你還真找針狀的「刺」(thorn)？ 距，歫也 (止也, 與彼相抵也，與拒通), "*barb*": any sharp projection angled away from the main point so as to make extraction difficult. 宋朝刀八色之“戟刀”及使用名将知多少 裡的每一個直刃 (矛頭/槍頭), 都有「距」的設計.  比方說，三角型的箭頭，就有「距」的功能.  三角的角就是 a sharp projection, 其他兩角與插入身體的那一角朝的方向不同，也就是 angled away from the main point.  這樣的設計，其目的是 to make extraction difficult.


----------



## retrogradedwithwind

看来我对距地理解是有错误。
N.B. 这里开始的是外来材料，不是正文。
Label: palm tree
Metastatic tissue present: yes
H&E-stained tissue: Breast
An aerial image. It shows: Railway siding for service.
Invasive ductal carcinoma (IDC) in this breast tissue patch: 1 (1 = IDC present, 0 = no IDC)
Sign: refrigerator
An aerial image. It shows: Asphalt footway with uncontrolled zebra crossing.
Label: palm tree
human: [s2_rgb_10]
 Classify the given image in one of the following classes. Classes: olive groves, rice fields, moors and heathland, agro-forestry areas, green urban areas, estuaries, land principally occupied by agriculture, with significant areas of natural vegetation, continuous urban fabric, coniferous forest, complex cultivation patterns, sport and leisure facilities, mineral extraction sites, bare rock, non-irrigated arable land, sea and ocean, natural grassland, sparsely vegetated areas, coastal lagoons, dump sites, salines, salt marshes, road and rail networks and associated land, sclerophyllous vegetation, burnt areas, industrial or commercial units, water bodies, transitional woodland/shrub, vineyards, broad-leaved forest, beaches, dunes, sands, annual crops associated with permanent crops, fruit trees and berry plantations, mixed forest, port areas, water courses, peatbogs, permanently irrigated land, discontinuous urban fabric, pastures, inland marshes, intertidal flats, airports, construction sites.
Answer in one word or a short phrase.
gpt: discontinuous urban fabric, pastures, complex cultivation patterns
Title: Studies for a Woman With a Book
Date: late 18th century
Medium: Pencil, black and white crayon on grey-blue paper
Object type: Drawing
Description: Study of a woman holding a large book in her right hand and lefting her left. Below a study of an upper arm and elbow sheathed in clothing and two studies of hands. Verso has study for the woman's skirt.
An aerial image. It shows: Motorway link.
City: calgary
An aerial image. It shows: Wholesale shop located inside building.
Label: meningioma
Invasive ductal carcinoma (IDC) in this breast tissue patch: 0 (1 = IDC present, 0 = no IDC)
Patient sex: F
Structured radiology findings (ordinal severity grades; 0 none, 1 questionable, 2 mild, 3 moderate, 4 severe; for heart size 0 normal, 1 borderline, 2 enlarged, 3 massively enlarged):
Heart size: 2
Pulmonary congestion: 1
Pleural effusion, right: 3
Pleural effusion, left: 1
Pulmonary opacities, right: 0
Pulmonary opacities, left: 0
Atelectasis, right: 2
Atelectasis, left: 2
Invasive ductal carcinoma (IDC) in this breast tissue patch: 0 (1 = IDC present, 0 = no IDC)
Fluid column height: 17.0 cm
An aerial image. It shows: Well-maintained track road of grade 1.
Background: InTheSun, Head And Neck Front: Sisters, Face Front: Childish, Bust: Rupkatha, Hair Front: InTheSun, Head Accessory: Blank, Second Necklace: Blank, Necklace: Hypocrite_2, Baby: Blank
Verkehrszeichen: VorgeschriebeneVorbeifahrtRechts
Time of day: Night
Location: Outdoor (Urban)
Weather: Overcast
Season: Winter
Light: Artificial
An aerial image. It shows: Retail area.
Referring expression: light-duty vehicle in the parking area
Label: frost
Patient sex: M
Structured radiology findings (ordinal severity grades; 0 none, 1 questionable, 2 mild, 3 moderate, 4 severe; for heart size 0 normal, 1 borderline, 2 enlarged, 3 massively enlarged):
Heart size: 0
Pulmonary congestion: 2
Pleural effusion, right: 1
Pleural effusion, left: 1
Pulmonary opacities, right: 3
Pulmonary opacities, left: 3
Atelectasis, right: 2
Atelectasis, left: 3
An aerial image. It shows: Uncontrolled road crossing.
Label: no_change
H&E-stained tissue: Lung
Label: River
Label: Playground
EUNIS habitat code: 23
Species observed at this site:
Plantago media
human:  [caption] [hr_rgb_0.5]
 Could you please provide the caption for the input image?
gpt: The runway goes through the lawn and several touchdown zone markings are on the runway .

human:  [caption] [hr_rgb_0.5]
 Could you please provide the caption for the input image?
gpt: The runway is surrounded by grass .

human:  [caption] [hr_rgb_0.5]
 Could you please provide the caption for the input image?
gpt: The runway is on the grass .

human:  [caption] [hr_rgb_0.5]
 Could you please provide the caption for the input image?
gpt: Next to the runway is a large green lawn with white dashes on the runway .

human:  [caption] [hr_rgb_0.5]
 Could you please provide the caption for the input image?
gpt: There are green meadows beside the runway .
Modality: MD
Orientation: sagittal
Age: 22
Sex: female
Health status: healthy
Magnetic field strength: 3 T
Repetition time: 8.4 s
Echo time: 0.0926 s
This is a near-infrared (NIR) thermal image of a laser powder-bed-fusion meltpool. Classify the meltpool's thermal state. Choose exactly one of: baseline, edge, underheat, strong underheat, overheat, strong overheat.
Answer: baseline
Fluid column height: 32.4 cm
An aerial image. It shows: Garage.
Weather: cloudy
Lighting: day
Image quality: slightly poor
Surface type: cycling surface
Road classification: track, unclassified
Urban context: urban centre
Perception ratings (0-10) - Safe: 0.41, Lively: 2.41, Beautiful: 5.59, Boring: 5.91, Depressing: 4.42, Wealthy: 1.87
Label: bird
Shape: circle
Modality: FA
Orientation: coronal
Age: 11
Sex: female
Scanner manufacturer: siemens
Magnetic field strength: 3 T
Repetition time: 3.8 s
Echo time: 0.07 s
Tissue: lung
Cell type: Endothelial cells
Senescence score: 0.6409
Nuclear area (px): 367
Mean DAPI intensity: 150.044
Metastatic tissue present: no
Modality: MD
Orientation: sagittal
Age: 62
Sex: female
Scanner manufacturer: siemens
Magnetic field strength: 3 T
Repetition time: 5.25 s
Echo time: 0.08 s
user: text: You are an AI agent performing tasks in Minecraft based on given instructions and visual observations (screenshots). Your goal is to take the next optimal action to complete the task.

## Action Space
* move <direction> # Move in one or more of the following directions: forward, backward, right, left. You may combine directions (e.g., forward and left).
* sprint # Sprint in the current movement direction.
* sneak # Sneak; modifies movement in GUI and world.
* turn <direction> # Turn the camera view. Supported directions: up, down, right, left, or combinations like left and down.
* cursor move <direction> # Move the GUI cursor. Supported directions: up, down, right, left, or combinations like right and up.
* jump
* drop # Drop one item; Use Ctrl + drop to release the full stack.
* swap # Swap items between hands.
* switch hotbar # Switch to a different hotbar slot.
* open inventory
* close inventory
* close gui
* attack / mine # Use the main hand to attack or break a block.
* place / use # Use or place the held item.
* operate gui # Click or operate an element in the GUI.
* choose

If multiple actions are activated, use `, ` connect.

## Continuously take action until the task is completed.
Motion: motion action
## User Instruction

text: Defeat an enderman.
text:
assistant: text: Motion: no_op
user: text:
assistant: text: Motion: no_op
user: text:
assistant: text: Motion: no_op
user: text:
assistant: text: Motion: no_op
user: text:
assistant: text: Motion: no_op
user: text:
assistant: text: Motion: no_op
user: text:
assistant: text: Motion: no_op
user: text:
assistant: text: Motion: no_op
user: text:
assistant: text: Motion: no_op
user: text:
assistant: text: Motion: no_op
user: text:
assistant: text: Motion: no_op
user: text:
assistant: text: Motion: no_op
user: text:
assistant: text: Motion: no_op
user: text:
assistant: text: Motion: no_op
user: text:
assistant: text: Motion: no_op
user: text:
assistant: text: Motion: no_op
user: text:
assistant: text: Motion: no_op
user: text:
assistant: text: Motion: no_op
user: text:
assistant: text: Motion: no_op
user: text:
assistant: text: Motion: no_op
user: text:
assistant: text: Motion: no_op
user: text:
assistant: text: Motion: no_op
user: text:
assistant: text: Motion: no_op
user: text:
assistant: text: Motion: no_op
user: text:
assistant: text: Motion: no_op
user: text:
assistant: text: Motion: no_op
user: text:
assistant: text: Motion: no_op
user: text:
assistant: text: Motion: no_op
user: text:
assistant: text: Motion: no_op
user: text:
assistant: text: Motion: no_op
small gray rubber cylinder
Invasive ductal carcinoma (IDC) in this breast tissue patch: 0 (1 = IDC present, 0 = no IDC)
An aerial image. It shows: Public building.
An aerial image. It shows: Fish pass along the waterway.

可能，距就是齿吧。


----------



## Skatinginbc

有的距長得像雞爪一樣，很明顯，譬如三刃枝中的所謂「雄戟」，就是因其「胡」的部位多了個雞爪般的距(郭璞謂其小孑刺)而得名.  「胡」的鋒 (blade，sharp edge) 添加了距就可稱作刃 (barbed blade).

三刃枝是那三刃？ 已知有 刺刃 + 胡刃，依段玉裁的看法，再加上援刃.  若果真如此，便與「內」無關.

鏝胡是平坦的鋒，無距，故非刃.


----------